Mechanisms and prevention of trifluoroacetylation in solid-phase peptide synthesis

Abstract

A novel mechanism for trifluoroacetylation in solid-phase peptide synthesis, independent of the coupling step, has been elucidated. It involves the presence of trifluoroacetoxymethyl groups on the resin support, which react with resin-bound amines by an intersite nucleophilic reaction. The trifluoroacetoxymethyl groups are generated from preexisting hydroxymethyl sites during treatment with trifluoroacetic acid in dichloromethane or by acidolysis of the benzyl ester bond between the peptide and the resin. The transfer of trifluoroacetyl from hydroxyl to amine occurs during the subsequent neutralization with tertiary amine. The mechanism was first elucidated by model studies with aminomethyl-resins.
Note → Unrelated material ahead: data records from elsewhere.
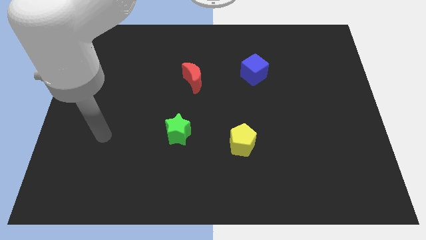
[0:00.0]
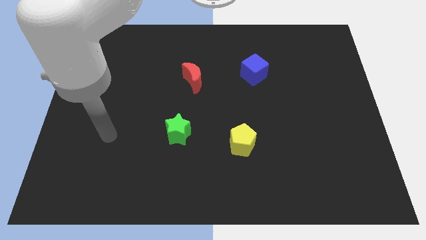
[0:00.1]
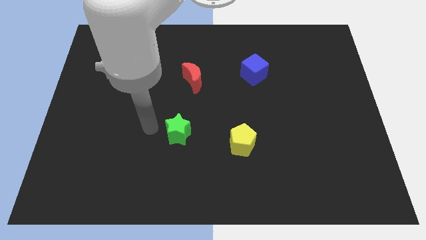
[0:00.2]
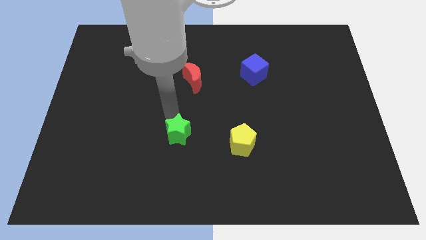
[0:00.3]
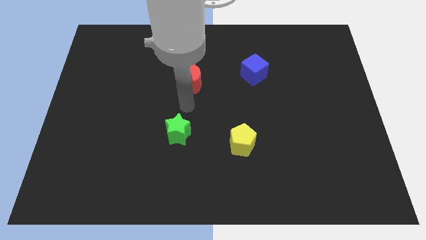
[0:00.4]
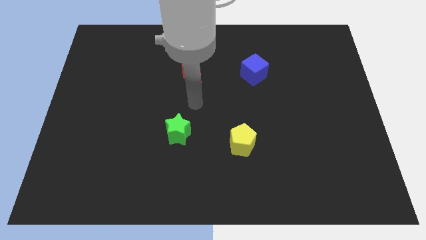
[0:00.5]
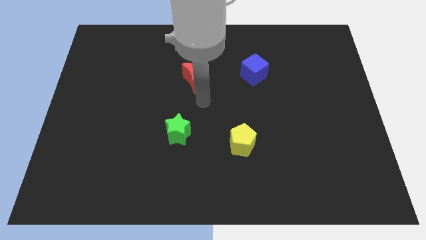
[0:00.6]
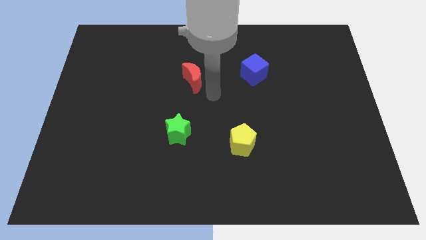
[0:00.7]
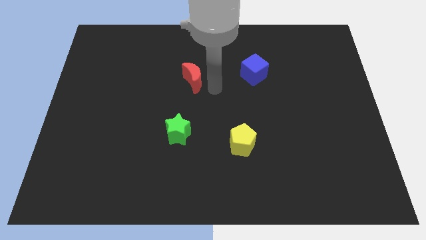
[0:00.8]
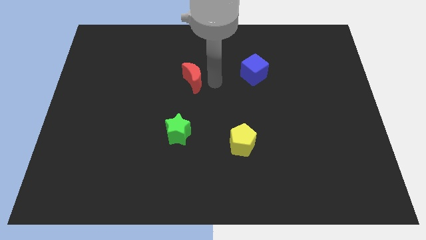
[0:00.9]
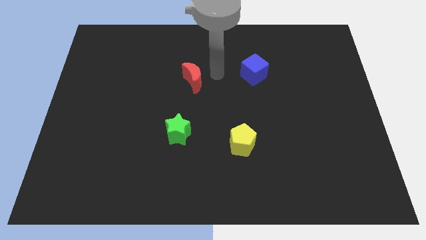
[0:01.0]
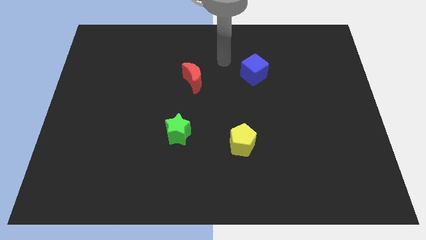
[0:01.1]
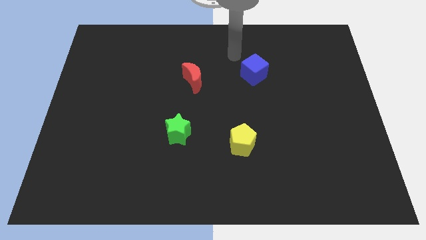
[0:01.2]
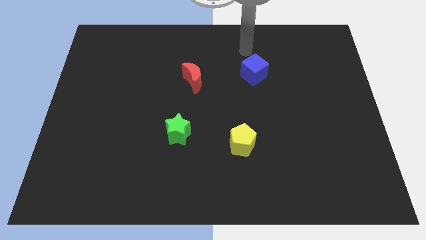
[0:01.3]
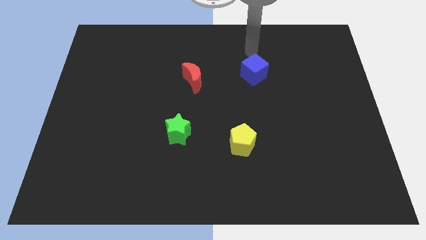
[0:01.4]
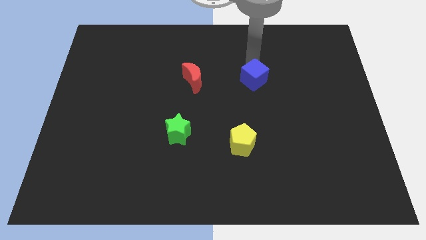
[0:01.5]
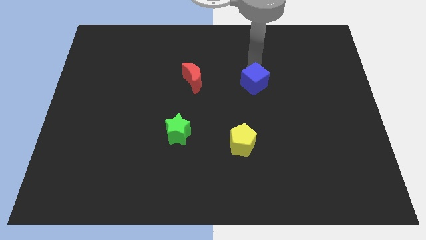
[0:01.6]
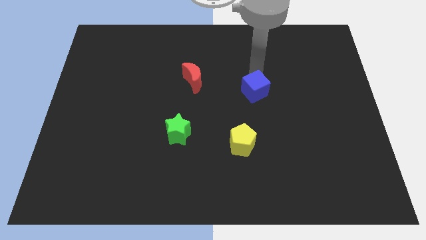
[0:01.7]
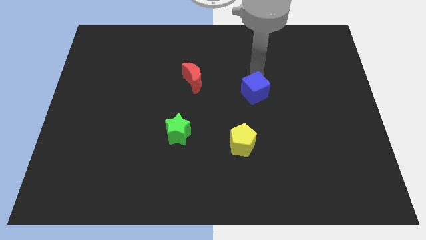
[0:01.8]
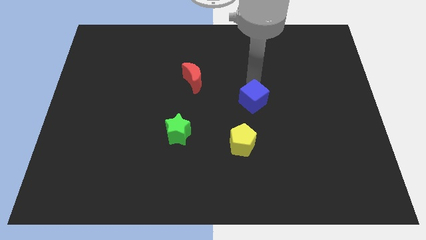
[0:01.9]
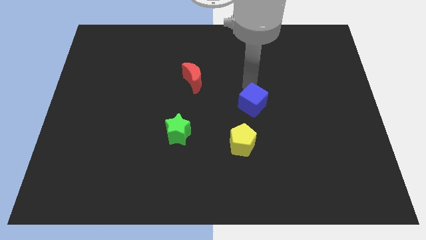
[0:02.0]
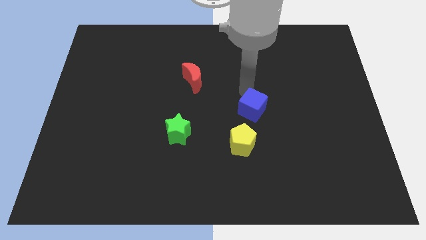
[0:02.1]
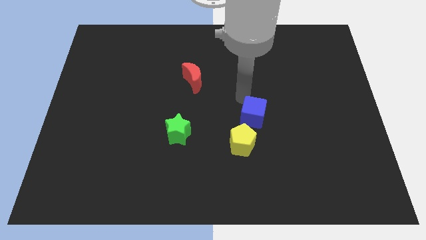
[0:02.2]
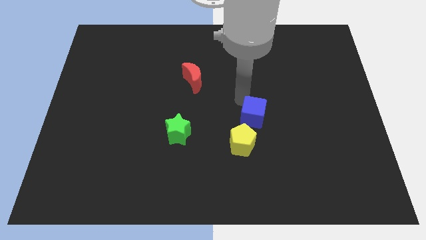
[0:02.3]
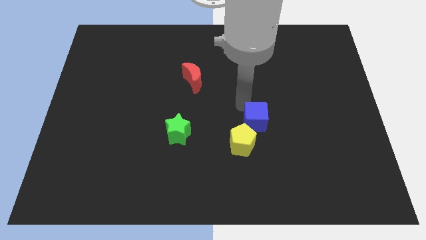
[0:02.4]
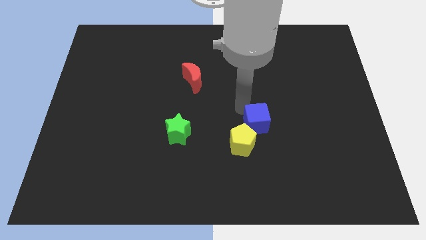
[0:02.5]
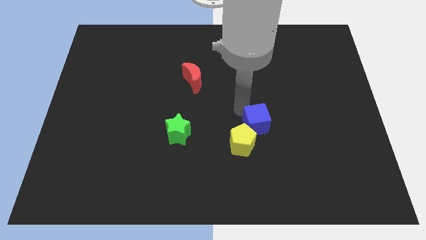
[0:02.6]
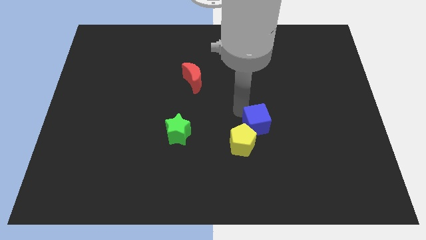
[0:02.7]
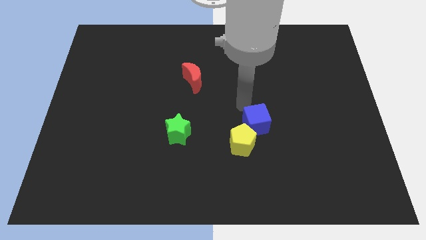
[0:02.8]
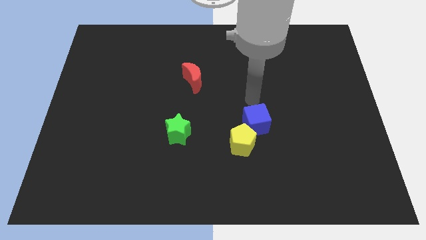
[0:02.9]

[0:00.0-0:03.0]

Then the expected transfer of trifluoroacetyl groups from trifluoroacetoxymethyl-resin to the alpha-amino group of N(epsilon)-benzyloxycarbonyllysine benzyl ester in solution was demonstrated; k(2), 6 x 10(-4) M(-1). Lysine-resins were used to examine the extent of trifluoroacetylation under the conditions of solid-phase peptide synthesis. After a series of acid/base cycles simulating synthetic conditions but without coupling, the poorly nucleophilic alpha-amino group was approximately 1-2% trifluoroacetylated per cycle when attached to resins already containing hydroxymethyl groups. Standard benzyl ester resins without preexisting hydroxymethyl groups gave comparable levels of trifluoroacetylation after the first few synthetic cycles because of gradual acid cleavage of the ester and accumulation of trifluoroacetoxymethyl sites. Peptide chain termination resulting from trifluoroacetylation by this mechanism could be prevented (<0.02% per cycle) by the use of the aminoacyl-4-(oxymethyl)-phenylacetamidomethyl-resin support, which can be synthesized free from extraneous functionalities and which is stable to trifluoroacetic acid under the conditions of solid-phase peptide synthesis.